# Feeding alfalfa to a yearling



## Cherrij (Jan 30, 2013)

tbh, what we were taught in the horse and that, IMHO is the best option for a yearling, or any youngster in good health (has not been malnourished or abused anywhere from foal to the point they are put in regular work) is free choice good quality hay, however, not very rich like alfalfa, normal hay (mixed grasses), ration balancer, salt, minerals, and lots of fresh water. The most important thing is for them to be able to graze, pick their hay and socialize, move on their own etc. 
Feeding grain to a youngster can cause growth spurs, and that is definitely what you do not want...


----------



## trailhorserider (Oct 13, 2009)

ReubenJCogburn said:


> What I worry about is the fact that she said I should be working him up to 5 pounds of grain (majority alfalfa) a day.
> _Posted via Mobile Device_


Alfalfa is not a grain. It is a hay. Do you mean an alfalfa pellet? Like working him up to 5 lbs of alfalfa pellets a day? That would make more sense.

I grew my youngster on about 50% alfalfa and 50% bermuda hay, with maybe a pound of Purina Ultium Growth daily. Right now, at age 3 he is on 100% alfalfa. That isn't exactly ideal, but that is what we have where we live and I think he has much of his growing done. The problem with alfalfa is it is short in phosphorous, so you really don't want to feed it 100% if you can mix it with another hay or grass that is better balanced. 

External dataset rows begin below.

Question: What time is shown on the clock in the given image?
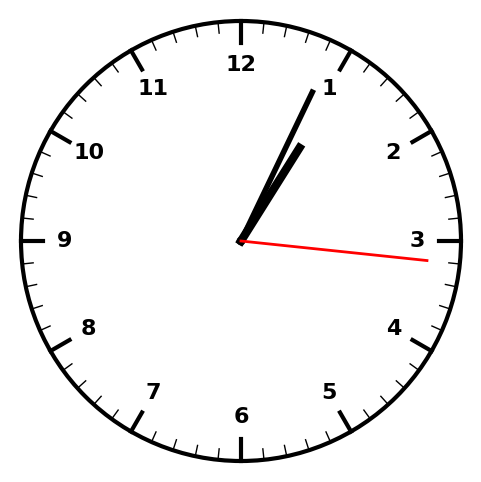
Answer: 01:04:16
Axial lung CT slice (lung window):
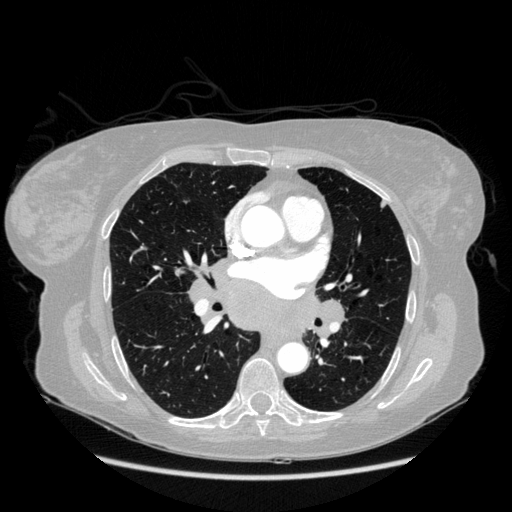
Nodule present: yes
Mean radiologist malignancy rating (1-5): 2
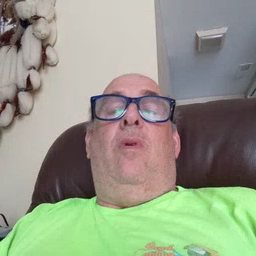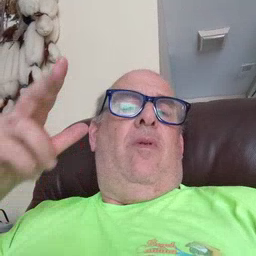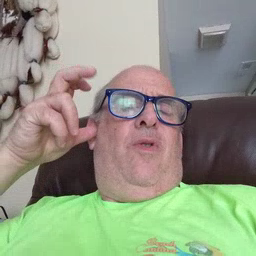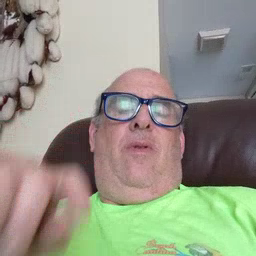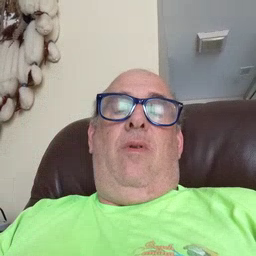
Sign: hear
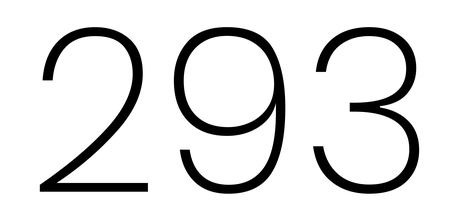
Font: Poppins-ExtraLight
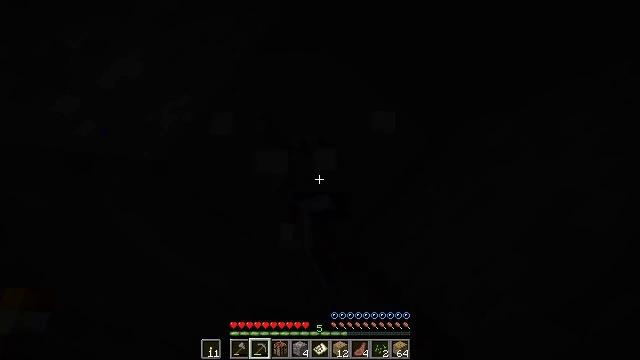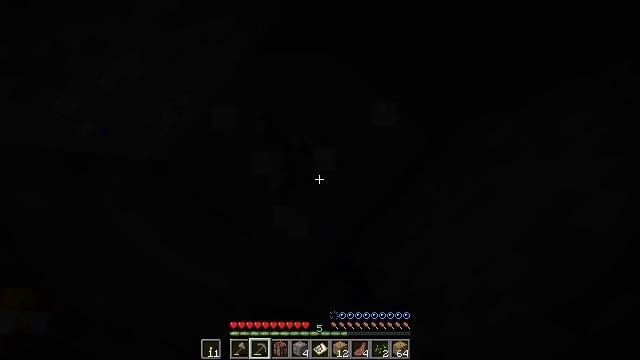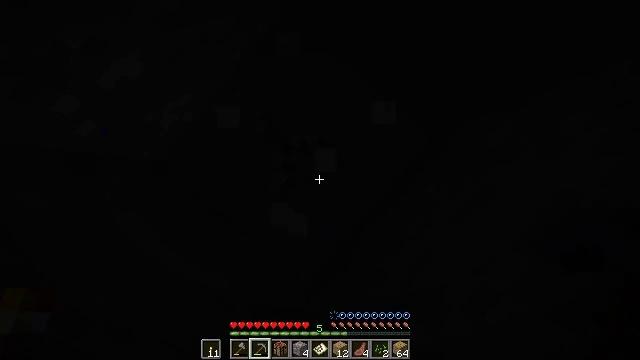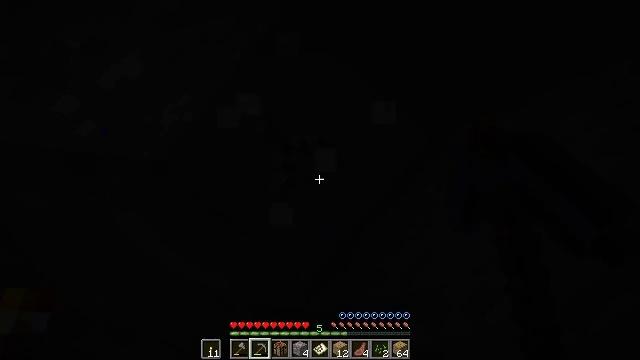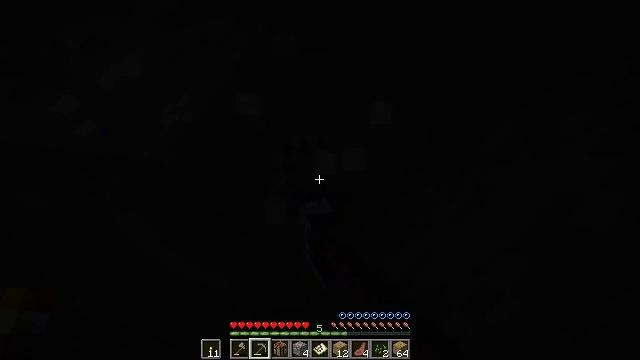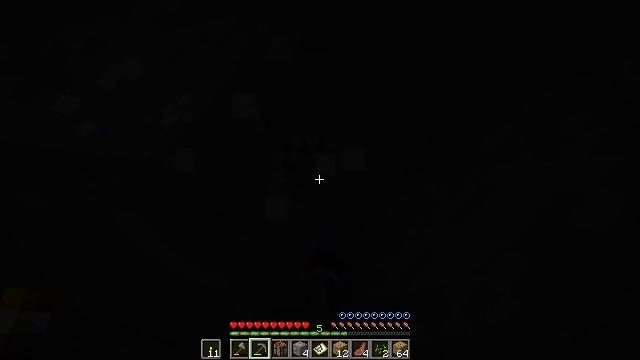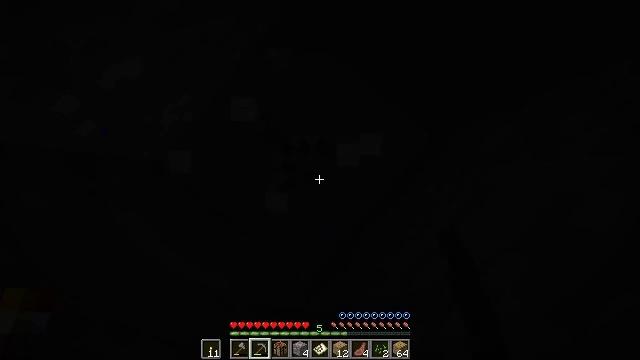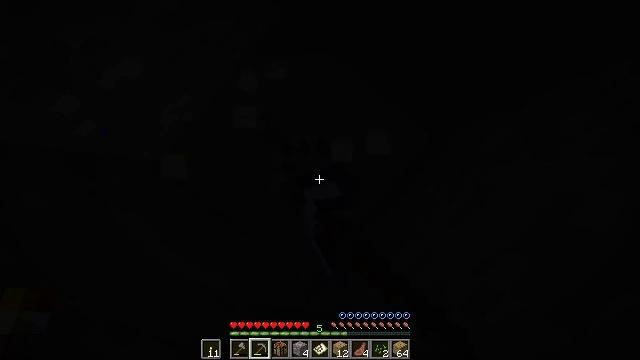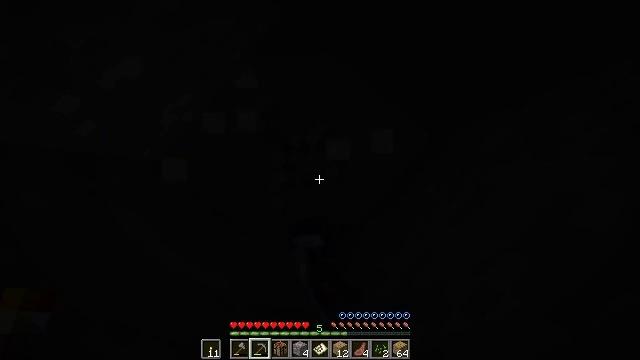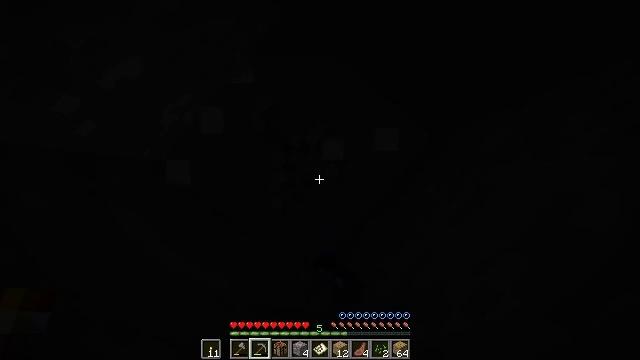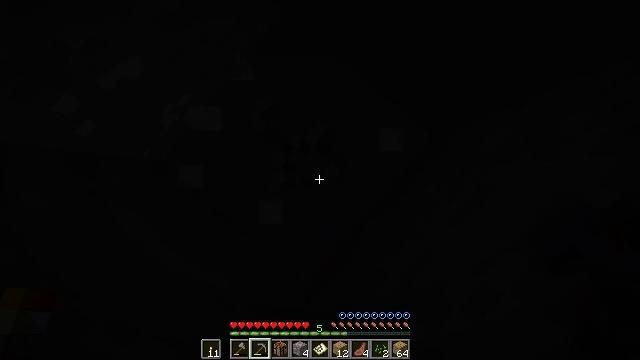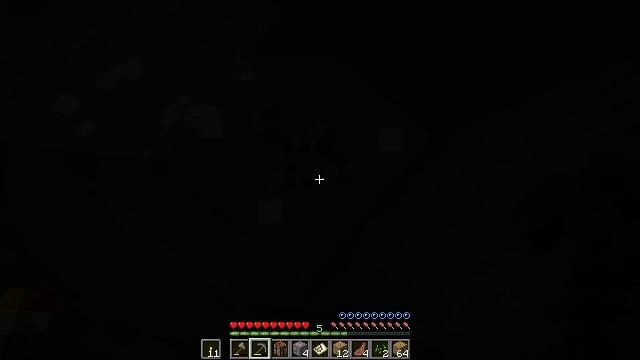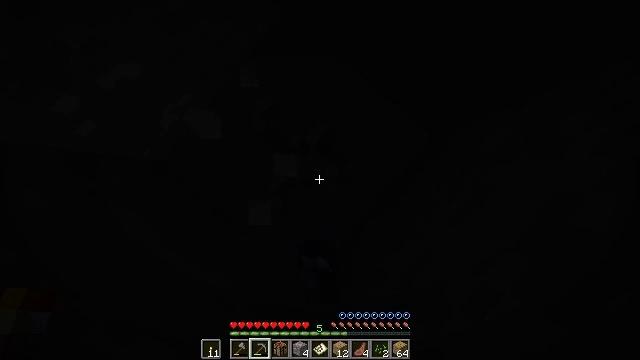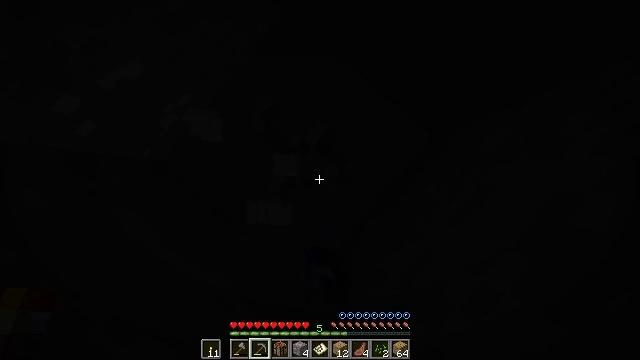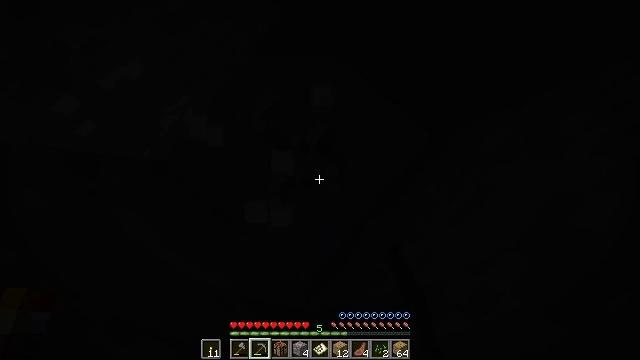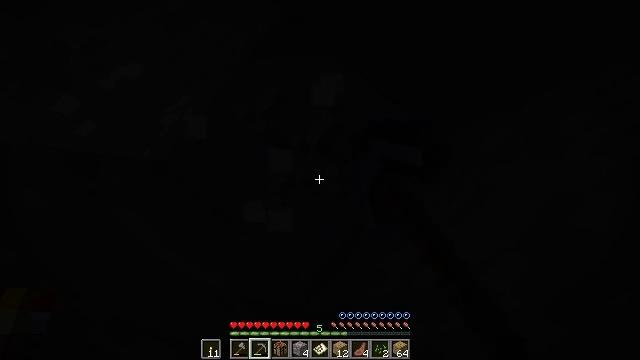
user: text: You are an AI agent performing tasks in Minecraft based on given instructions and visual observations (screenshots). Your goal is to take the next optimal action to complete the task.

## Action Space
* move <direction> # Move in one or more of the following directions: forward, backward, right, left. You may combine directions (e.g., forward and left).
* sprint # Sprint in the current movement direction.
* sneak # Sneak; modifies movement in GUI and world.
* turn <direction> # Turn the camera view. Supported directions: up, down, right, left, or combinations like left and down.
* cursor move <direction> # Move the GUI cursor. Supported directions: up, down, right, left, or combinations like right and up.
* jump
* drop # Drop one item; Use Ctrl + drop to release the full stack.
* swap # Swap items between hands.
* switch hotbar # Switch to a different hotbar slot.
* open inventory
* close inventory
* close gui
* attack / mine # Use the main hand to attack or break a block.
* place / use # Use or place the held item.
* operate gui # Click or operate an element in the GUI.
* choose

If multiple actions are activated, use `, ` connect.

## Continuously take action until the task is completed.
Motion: motion action
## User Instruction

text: Dig up some sand.
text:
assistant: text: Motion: attack / mine
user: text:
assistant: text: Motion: attack / mine
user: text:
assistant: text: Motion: attack / mine
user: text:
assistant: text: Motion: attack / mine
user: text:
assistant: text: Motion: attack / mine
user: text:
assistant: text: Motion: attack / mine
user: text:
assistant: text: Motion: attack / mine
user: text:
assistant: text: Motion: attack / mine
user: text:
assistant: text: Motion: attack / mine
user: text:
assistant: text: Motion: attack / mine
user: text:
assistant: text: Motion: attack / mine
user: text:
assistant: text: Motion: attack / mine
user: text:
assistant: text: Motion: attack / mine
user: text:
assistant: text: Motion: attack / mine
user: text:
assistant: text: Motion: attack / mine
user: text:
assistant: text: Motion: attack / mine
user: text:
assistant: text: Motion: attack / mine
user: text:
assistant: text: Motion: attack / mine
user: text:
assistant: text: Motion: attack / mine
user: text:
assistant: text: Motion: attack / mine
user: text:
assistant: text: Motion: attack / mine
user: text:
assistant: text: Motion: attack / mine
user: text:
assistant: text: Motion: attack / mine
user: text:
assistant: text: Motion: attack / mine
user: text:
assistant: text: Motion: attack / mine
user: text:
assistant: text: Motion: attack / mine
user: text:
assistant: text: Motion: attack / mine
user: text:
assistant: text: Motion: attack / mine
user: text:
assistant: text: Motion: attack / mine
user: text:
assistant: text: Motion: attack / mine

I would aim for about a max of 50/50 alfalfa and grass hay. Or if your vet says to work him up to 5 lbs of alfalfa pellets a day, that sounds pretty good as well. 

I can't comment on the other products as I have never used them.


----------



## ReubenJCogburn (Jul 17, 2013)

Cherrij said:


> tbh, what we were taught in the horse and that, IMHO is the best option for a yearling, or any youngster in good health (has not been malnourished or abused anywhere from foal to the point they are put in regular work) is free choice good quality hay, however, not very rich like alfalfa, normal hay (mixed grasses), ration balancer, salt, minerals, and lots of fresh water. The most important thing is for them to be able to graze, pick their hay and socialize, move on their own etc.
> Feeding grain to a youngster can cause growth spurs, and that is definitely what you do not want...


_Posted via Mobile Device_


----------



## ReubenJCogburn (Jul 17, 2013)

Sorry for my above post. I was trying to respond to both of you and ended up just posting a quote 

Anyway,
Thanks to both of you. The over graining is what I was worried about. Now that I think about it though, I am feeding alfalfa pellets because actual alfalfa isn't really available here... So maybe that's what she meant is that she'd like to see a higher percentage of alfalfa in his daily diet. I suppose five pounds of alfalfa of his total rations isn't unreasonable.... Though he eats free choice hay all day and already eats well over his % daily feed without factoring in the pelleted alfalfa.  but he isn't fat so I guess he can keep munching away. I guess he doesn't technically eat grain...
_Posted via Mobile Device_


----------



## Endiku (Dec 6, 2010)

If he is at a good weight, I wouldn't feed him that much grain. A good RB and as much hay as he wants is the best way to go. My filly was eating 4.5 lbs of grain a day while she was gaining weight but is down to 2.25 right now, and I plan to get her down even lower until she's eating a RB and hay. She also eats 6 lbs of alfalfa pellets and 1/2 a pound (working up to .75) of rice bran as well at ad lib hay. She's only 680 lbs, 13.3hh, yet she eats 18+ lbs of a hay PLUS the 6 lbs of alfalfa pellets a day  she is at a good weigh though so I figure she's using it for something!


----------



## Cherie (Dec 16, 2010)

What kind of hay is your horse getting now? What kind of grain and how much is he getting?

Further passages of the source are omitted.